Credit:  Victoria Masterson | The Herald | www.heraldscotland.com ~~

Less wind fuelled a 25 per cent fall in underlying profits to £84 million at ScottishPower’s renewables business in the first three months of the year.

Milder weather also contributed to a 3 per cent fall in underlying profits to £174m at the company’s retail and generation business – which includes the supply of power to domestic and business customers.

And scheduled infrastructure investment knocked 6.8 per cent off earnings at ScottishPower’s distribution and transmission business, which manages the company’s power lines and pylons.

But the Glasgow-based supplier, which is paying an £18m fine to regulator Ofgem for poor customer service during an IT changeover, said it was continuing to invest in the UK – and announced what is believed to be Europe’s largest wind turbine contract for a single project.

“ScottishPower remains on track to invest over £1.3 billion in the UK this year, in line with our five year plan to invest over £6.3bn,” said ScottishPower chief corporate officer Keith Anderson.

The new wind turbine contract is worth around £830m and will see German engineering group Siemens supply 102 wind turbines to ScottishPower’s East Anglia ONE wind farm in the North Sea off the Suffolk coast.
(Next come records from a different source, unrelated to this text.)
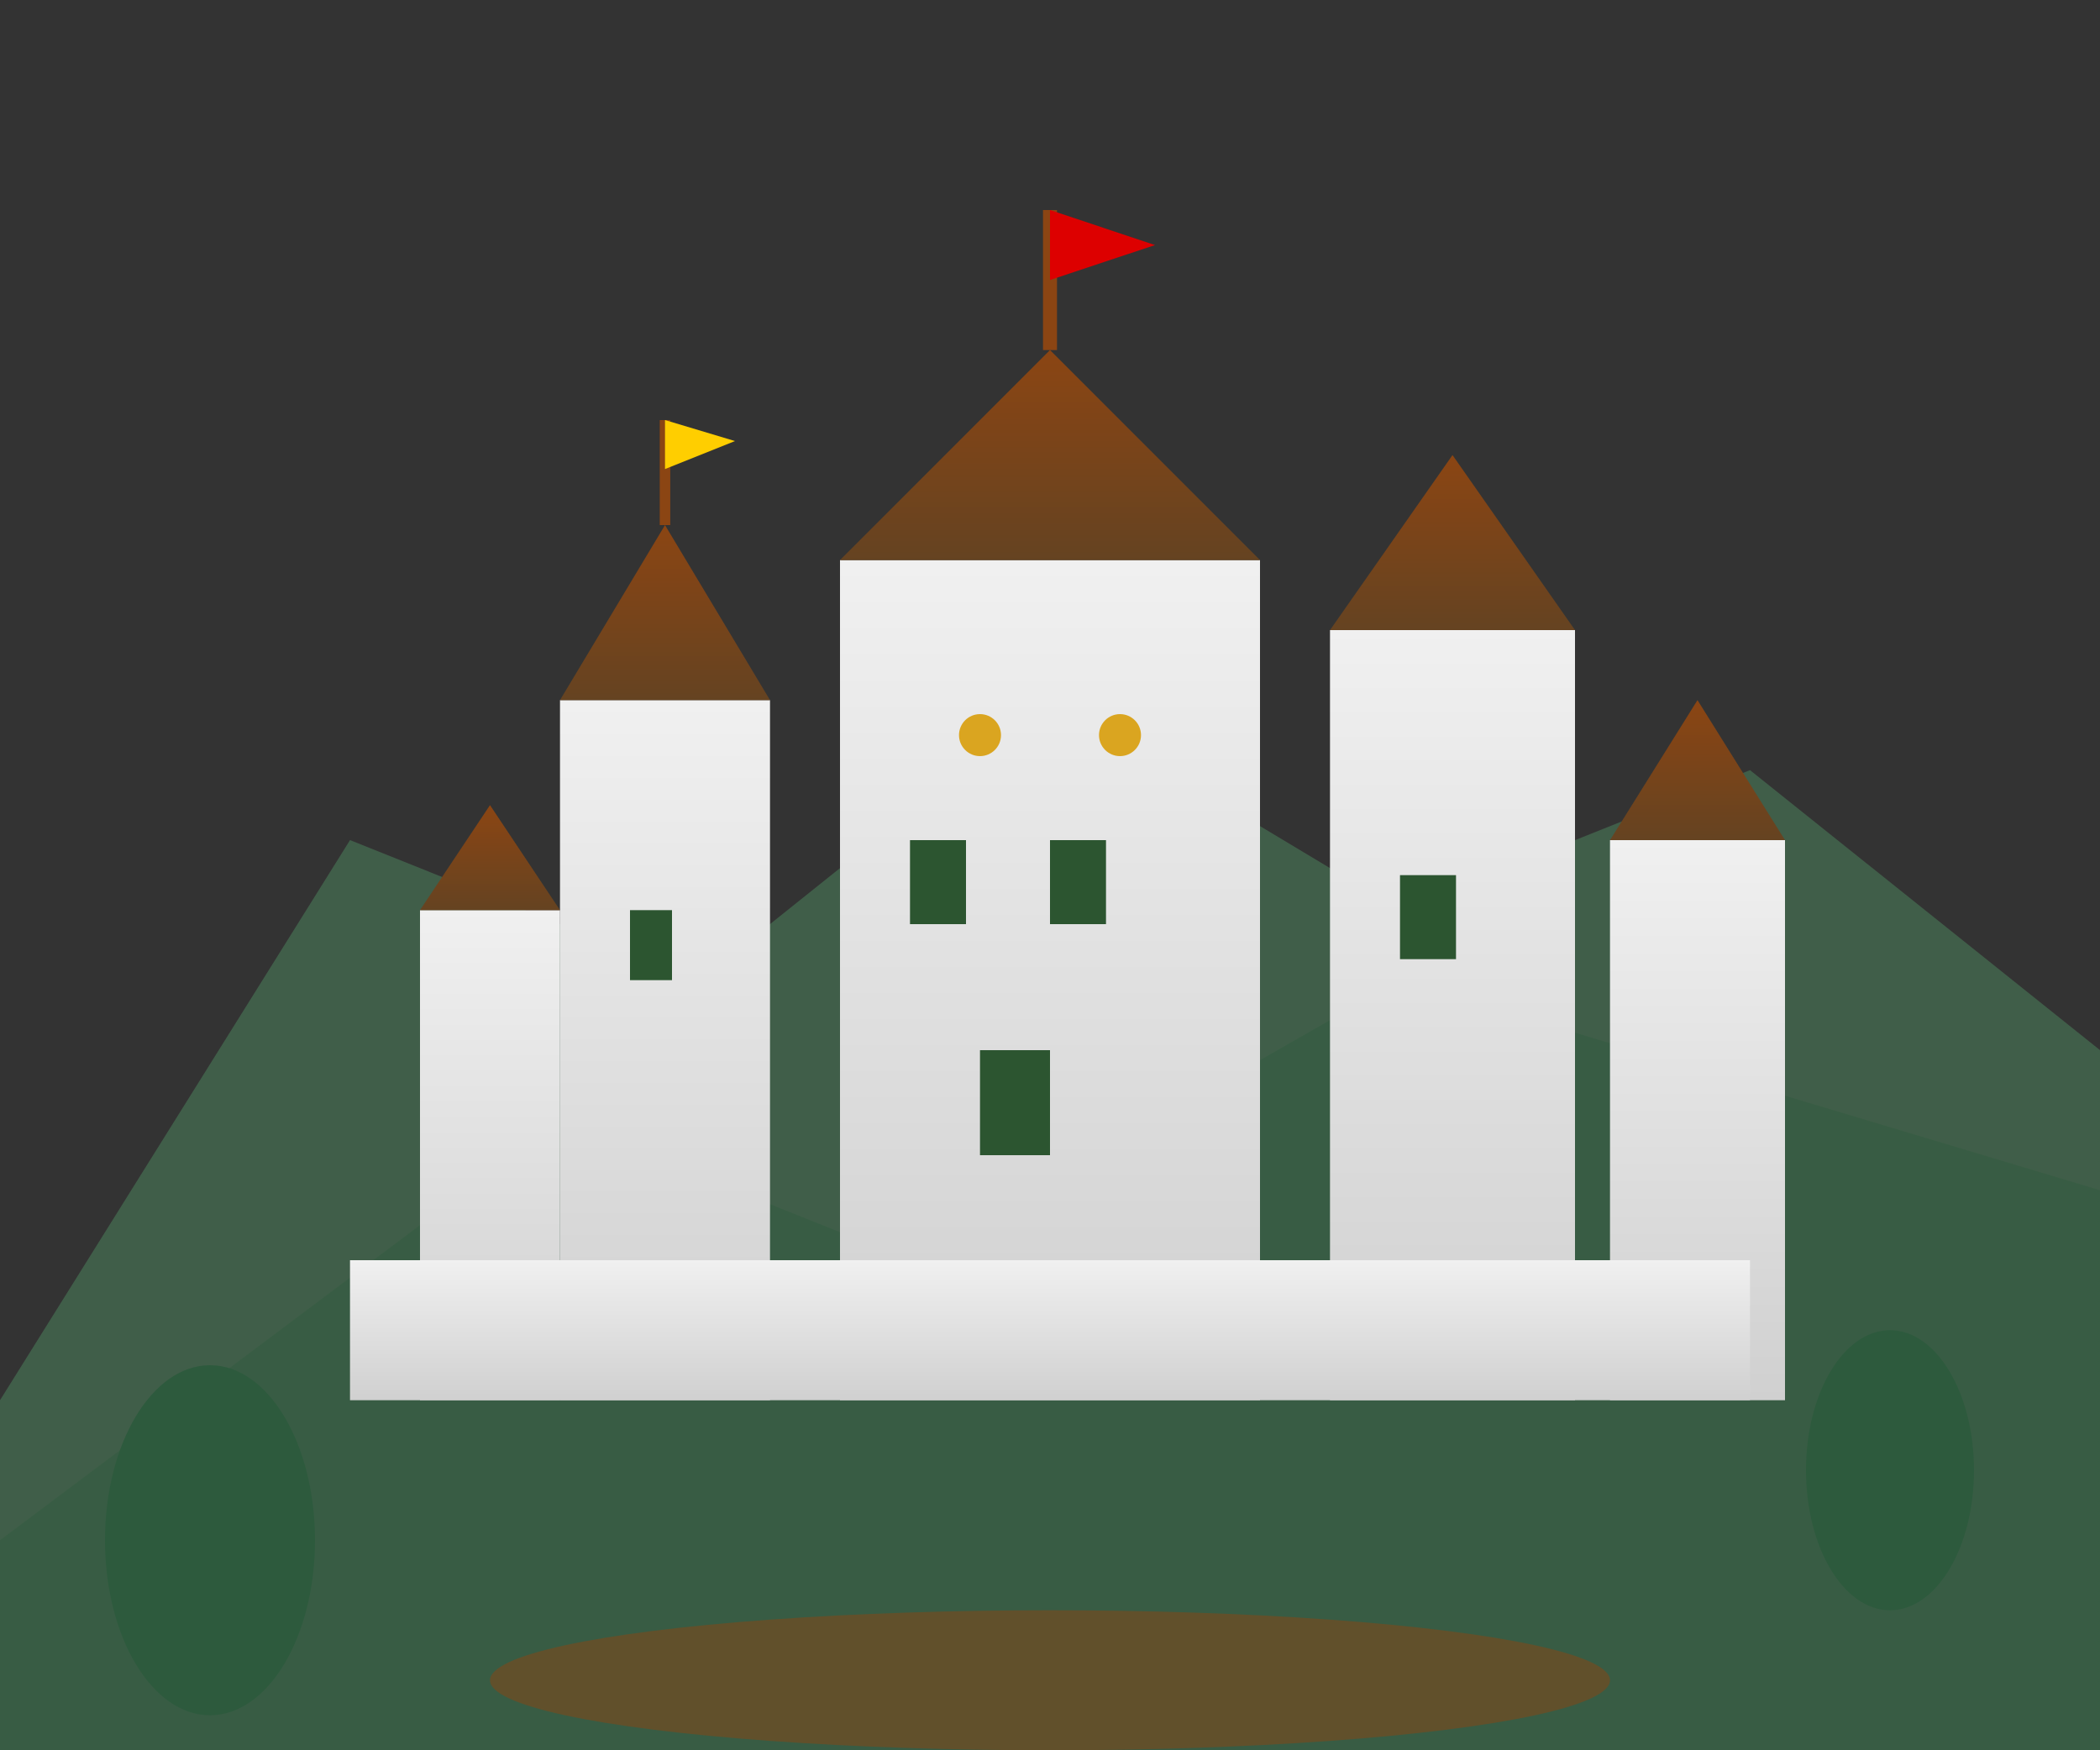 <svg width="300" height="250" viewBox="0 0 300 250" fill="none" xmlns="http://www.w3.org/2000/svg">
  <rect x="0" y="0" width="300" height="250" fill="#333333" stroke="none"/>
  <!-- Neuschwanstein Castle -->
  <defs>
    <linearGradient id="castleGradient" x1="0%" y1="0%" x2="0%" y2="100%">
      <stop offset="0%" style="stop-color:#f0f0f0;stop-opacity:1" />
      <stop offset="100%" style="stop-color:#d0d0d0;stop-opacity:1" />
    </linearGradient>
    <linearGradient id="roofGradient" x1="0%" y1="0%" x2="0%" y2="100%">
      <stop offset="0%" style="stop-color:#8B4513;stop-opacity:1" />
      <stop offset="100%" style="stop-color:#654321;stop-opacity:1" />
    </linearGradient>
  </defs>
  
  <!-- Mountain background -->
  <path d="M0 200 L50 120 L100 140 L150 100 L200 130 L250 110 L300 150 L300 250 L0 250 Z" fill="#4a7c59" opacity="0.6"/>
  <path d="M0 220 L80 160 L130 180 L200 140 L300 170 L300 250 L0 250 Z" fill="#2d5a3d" opacity="0.4"/>
  
  <!-- Main castle structure -->
  <!-- Central keep -->
  <rect x="120" y="80" width="60" height="120" fill="url(#castleGradient)"/>
  <polygon points="120,80 150,50 180,80" fill="url(#roofGradient)"/>
  
  <!-- Left tower -->
  <rect x="80" y="100" width="30" height="100" fill="url(#castleGradient)"/>
  <polygon points="80,100 95,75 110,100" fill="url(#roofGradient)"/>
  
  <!-- Right tower -->
  <rect x="190" y="90" width="35" height="110" fill="url(#castleGradient)"/>
  <polygon points="190,90 207.5,65 225,90" fill="url(#roofGradient)"/>
  
  <!-- Small tower on left -->
  <rect x="60" y="130" width="20" height="70" fill="url(#castleGradient)"/>
  <polygon points="60,130 70,115 80,130" fill="url(#roofGradient)"/>
  
  <!-- Small tower on right -->
  <rect x="230" y="120" width="25" height="80" fill="url(#castleGradient)"/>
  <polygon points="230,120 242.5,100 255,120" fill="url(#roofGradient)"/>
  
  <!-- Castle walls -->
  <rect x="50" y="180" width="200" height="20" fill="url(#castleGradient)"/>
  
  <!-- Windows -->
  <rect x="130" y="120" width="8" height="12" fill="#2C5530"/>
  <rect x="150" y="120" width="8" height="12" fill="#2C5530"/>
  <rect x="140" y="150" width="10" height="15" fill="#2C5530"/>
  <rect x="90" y="130" width="6" height="10" fill="#2C5530"/>
  <rect x="200" y="125" width="8" height="12" fill="#2C5530"/>
  
  <!-- Flags -->
  <line x1="150" y1="50" x2="150" y2="30" stroke="#8B4513" stroke-width="2"/>
  <polygon points="150,30 165,35 150,40" fill="#DD0000"/>
  
  <line x1="95" y1="75" x2="95" y2="60" stroke="#8B4513" stroke-width="1.5"/>
  <polygon points="95,60 105,63 95,67" fill="#FFCE00"/>
  
  <!-- Decorative details -->
  <circle cx="140" cy="105" r="3" fill="#DAA520"/>
  <circle cx="160" cy="105" r="3" fill="#DAA520"/>
  
  <!-- Trees at base -->
  <ellipse cx="30" cy="220" rx="15" ry="25" fill="#2d5a3d"/>
  <ellipse cx="270" cy="210" rx="12" ry="20" fill="#2d5a3d"/>
  
  <!-- Ground/rocks -->
  <ellipse cx="150" cy="240" rx="80" ry="10" fill="#8B4513" opacity="0.5"/>
</svg>

This will support many of the 3,000 jobs the £2.5 billion project is expected to create.

“East Anglia ONE is the first of up to four projects we would like to build in the Southern North Sea, and we hope that our plans will stimulate jobs and investment for the UK and across the region for decades to come,” Mr Anderson said.

cottishPower’s Spanish parent Iberdrola said a 27 per cent fall in electricity produced from its onshore and offshore wind farms in the UK had negatively impacted earnings in the three months to the end of March 2016. However this compared to a record first quarter for wind in 2015. ScottishPower Renewables runs sites including the UK’s biggest onshore wind farm, at Whitelee on Eaglesham Moor south of Glasgow, and has smaller projects in South Ayrshire and Lanarkshire.
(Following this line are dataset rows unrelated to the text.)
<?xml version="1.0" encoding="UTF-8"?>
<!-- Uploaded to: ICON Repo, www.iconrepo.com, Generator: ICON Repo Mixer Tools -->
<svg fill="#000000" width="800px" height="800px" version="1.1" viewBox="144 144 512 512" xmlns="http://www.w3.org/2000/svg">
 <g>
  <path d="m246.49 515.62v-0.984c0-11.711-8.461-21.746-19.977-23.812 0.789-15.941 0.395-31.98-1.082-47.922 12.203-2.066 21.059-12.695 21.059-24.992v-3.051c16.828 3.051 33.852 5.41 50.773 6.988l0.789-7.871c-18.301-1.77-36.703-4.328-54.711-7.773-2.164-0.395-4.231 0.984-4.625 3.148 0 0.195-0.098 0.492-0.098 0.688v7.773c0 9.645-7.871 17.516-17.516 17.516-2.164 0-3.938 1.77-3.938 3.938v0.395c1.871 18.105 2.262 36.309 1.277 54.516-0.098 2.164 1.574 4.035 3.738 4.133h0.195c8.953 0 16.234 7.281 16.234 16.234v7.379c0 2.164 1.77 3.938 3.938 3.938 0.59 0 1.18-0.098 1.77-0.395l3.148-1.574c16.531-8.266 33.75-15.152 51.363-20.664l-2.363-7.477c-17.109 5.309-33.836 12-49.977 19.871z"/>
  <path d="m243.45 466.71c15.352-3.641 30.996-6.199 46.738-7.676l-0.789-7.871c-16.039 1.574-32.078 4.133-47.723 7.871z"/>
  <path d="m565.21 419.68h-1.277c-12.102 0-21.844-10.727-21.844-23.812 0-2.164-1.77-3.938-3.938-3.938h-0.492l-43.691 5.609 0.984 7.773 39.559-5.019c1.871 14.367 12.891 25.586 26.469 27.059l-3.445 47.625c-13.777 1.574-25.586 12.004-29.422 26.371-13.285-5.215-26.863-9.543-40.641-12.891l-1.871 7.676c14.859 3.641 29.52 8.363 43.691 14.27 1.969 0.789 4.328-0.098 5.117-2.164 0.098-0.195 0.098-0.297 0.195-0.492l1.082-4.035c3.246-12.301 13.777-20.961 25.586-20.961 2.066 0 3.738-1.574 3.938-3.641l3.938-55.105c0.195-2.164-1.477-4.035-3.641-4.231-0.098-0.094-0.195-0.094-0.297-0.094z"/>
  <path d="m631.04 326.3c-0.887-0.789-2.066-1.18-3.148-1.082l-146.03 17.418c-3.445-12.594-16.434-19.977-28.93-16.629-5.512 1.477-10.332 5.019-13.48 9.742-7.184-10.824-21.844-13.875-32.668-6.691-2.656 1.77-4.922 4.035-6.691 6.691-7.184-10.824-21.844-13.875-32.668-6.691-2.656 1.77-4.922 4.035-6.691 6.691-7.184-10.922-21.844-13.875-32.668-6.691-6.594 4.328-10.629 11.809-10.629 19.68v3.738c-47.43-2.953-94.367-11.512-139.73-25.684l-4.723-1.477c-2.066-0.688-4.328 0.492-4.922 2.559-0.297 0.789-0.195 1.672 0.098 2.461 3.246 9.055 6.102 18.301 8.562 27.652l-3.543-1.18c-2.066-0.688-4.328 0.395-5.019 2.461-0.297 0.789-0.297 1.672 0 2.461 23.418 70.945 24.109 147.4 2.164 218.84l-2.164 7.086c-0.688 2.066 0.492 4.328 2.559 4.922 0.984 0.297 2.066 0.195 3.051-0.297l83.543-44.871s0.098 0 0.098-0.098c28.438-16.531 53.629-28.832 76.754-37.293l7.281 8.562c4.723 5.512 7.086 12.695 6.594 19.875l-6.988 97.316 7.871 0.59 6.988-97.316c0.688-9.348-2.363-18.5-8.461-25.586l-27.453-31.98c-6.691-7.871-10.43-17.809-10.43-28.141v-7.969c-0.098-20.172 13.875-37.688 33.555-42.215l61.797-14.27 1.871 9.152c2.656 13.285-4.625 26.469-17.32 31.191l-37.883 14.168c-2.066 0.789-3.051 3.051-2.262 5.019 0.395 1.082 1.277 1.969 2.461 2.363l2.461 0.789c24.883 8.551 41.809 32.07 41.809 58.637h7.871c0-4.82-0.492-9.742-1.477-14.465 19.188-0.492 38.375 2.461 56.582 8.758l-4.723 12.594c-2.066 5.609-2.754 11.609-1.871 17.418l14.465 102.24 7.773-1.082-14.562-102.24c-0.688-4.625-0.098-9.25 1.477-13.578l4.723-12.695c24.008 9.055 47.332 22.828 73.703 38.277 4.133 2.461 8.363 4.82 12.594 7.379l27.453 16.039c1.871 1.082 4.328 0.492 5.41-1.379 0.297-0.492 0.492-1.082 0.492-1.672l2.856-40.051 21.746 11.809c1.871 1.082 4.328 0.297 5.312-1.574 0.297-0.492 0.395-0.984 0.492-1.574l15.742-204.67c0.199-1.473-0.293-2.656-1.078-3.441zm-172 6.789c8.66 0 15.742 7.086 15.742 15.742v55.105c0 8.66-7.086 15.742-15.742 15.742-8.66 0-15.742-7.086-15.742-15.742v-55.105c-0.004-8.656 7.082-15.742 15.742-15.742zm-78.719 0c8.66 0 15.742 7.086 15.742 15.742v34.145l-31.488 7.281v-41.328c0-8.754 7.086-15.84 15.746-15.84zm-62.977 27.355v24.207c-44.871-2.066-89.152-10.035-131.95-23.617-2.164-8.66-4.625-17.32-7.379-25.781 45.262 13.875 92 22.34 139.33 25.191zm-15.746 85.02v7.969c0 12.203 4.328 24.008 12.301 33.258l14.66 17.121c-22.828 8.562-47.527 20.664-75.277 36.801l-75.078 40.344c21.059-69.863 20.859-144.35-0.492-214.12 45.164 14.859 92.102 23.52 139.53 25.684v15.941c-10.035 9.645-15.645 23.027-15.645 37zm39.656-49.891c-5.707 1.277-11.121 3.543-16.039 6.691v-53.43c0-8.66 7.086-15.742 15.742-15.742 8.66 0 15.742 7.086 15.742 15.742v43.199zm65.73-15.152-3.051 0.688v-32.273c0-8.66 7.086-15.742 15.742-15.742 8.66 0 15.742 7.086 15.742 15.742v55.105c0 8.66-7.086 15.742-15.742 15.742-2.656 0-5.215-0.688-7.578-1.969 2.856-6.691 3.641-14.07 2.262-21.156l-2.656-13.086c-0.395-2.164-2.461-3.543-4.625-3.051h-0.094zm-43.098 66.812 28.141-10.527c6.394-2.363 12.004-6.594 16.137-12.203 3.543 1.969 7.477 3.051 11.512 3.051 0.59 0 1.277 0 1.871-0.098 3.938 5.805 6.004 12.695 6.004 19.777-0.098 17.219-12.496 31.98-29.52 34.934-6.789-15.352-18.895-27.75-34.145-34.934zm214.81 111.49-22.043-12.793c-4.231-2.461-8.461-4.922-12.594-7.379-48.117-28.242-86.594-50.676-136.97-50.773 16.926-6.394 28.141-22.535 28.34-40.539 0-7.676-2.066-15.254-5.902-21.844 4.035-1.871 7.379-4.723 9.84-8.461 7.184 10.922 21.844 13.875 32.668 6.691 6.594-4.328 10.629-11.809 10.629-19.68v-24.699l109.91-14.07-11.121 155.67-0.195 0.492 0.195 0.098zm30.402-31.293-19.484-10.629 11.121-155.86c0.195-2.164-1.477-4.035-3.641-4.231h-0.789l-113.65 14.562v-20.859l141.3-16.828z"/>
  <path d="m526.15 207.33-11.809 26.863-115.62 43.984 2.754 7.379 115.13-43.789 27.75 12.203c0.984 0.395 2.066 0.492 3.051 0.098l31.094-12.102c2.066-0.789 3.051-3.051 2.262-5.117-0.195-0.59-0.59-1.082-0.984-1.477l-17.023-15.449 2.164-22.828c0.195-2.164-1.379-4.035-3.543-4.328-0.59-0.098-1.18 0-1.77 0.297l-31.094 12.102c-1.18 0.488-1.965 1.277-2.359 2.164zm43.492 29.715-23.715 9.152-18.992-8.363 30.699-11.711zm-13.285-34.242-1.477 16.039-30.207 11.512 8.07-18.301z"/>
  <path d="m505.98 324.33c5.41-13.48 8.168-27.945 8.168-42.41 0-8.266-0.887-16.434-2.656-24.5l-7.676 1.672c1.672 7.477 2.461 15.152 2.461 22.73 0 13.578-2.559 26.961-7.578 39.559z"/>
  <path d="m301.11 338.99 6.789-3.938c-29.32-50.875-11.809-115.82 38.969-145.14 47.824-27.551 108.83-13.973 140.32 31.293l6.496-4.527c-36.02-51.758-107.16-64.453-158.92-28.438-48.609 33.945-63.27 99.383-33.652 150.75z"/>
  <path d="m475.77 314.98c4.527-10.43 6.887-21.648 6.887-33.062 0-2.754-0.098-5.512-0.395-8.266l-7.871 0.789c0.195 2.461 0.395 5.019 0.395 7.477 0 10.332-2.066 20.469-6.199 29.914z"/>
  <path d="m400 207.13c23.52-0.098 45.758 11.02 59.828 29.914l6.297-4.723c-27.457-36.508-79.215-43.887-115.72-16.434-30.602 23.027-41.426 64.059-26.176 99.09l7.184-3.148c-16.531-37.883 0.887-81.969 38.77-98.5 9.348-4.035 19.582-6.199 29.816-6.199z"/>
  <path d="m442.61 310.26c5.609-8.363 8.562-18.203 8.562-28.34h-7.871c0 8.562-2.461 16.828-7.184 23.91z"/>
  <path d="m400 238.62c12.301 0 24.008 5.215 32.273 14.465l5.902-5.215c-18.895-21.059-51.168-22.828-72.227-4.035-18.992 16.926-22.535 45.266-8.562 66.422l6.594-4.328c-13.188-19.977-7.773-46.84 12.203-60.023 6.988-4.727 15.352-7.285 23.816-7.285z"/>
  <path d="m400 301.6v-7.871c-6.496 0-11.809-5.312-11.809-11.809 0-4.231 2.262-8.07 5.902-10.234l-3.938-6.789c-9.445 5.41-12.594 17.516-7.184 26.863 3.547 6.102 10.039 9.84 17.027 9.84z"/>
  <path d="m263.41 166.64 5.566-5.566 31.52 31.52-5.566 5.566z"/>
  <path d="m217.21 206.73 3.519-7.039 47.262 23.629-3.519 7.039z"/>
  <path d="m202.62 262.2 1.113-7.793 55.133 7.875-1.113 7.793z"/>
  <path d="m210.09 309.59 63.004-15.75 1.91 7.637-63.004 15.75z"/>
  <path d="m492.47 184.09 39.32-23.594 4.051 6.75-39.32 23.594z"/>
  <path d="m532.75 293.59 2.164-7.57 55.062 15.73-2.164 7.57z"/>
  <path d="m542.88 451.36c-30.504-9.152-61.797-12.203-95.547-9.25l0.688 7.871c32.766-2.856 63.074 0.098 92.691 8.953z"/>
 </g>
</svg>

“When we build a project, it’s based on years of monitoring the wind conditions on that site, and the UK and Scotland have got some of the best wind resources in the world and certainly Europe,” a spokesperson said.

Milder weather in the first three months of the year also meant customers were using less gas and electricity. The company supplies 5.4m domestic and business customers in the UK.

Infrastructure investment programmes are agreed eight years in advance with the regulator, so the 6.8 per cent fall in underlying earnings to £244m at ScottishPower Energy Networks was expected, the spokesperson said.

Bilbao-based Iberdrola, which is Spain’s largest power company, said underlying operating profits – stripping out one-off items that boosted earnings a year ago – fell 6 per cent to €2.08bn (£1.62bn)

The company was also hit by falling power prices, with wholesale costs in Spain falling to about €30 per megawatt-hour in 2016 from about €48 in 2015, according to Deutsche Bank.

Iberdrola, which has more than 30,000 employees and 30m customers in Iberia, the UK, US, Mexico and Brazil, said investment rose by over 50 per cent in the period to €896m (£696m).

The company, which employs most of its 6,600 UK staff in Scotland, has about 5,000 megawatts under construction in onshore and offshore wind farms and generation power plants with long-term contracts.

Energy regulator Ofgem announced on Tuesday that ScottishPower had failed to treat customers fairly due to problems with call handling, complaints resolution and billing. This had resulted in more than 1m complaints between June 2013 and December 2015.

Up to £15m of the £18m penalty is to be paid to vulnerable ScottishPower customers who were affected by the poor service.

Source:  Victoria Masterson | The Herald | www.heraldscotland.com

This article is the work of the source indicated. Any opinions expressed in it are not necessarily those of National Wind Watch.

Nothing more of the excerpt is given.